About this task:
Below are entries. Reproduce exactly the lines between the line holding "semana pensando el" and the line holding "a Dios Que me", inclusive, and only those.
--- Records provided Enclosed Below ---
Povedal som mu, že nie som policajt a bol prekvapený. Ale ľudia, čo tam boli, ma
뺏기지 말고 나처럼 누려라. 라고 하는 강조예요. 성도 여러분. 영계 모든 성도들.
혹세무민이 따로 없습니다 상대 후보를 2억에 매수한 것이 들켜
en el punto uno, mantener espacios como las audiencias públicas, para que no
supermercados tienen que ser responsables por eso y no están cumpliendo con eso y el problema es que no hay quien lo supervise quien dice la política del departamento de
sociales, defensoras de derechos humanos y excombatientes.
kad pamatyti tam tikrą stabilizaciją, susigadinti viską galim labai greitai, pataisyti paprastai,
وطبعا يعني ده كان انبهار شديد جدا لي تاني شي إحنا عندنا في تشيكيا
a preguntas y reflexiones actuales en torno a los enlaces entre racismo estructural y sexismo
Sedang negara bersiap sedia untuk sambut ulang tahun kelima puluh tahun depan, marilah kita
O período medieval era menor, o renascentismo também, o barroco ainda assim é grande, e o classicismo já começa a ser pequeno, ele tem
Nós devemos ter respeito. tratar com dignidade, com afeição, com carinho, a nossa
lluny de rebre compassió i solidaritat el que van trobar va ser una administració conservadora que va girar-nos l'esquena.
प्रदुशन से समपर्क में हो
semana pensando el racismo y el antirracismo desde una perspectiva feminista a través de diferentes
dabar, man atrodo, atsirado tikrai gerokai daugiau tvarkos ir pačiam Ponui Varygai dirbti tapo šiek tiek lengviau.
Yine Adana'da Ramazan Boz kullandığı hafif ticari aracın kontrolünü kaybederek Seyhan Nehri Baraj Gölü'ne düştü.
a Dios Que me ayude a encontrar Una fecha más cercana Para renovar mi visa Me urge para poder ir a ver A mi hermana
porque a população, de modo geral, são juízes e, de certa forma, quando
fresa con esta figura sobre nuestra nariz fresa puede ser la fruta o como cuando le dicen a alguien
--- End of Enclosed Records provided ---
Written response:
semana pensando el racismo y el antirracismo desde una perspectiva feminista a través de diferentes
dabar, man atrodo, atsirado tikrai gerokai daugiau tvarkos ir pačiam Ponui Varygai dirbti tapo šiek tiek lengviau.
Yine Adana'da Ramazan Boz kullandığı hafif ticari aracın kontrolünü kaybederek Seyhan Nehri Baraj Gölü'ne düştü.
a Dios Que me ayude a encontrar Una fecha más cercana Para renovar mi visa Me urge para poder ir a ver A mi hermana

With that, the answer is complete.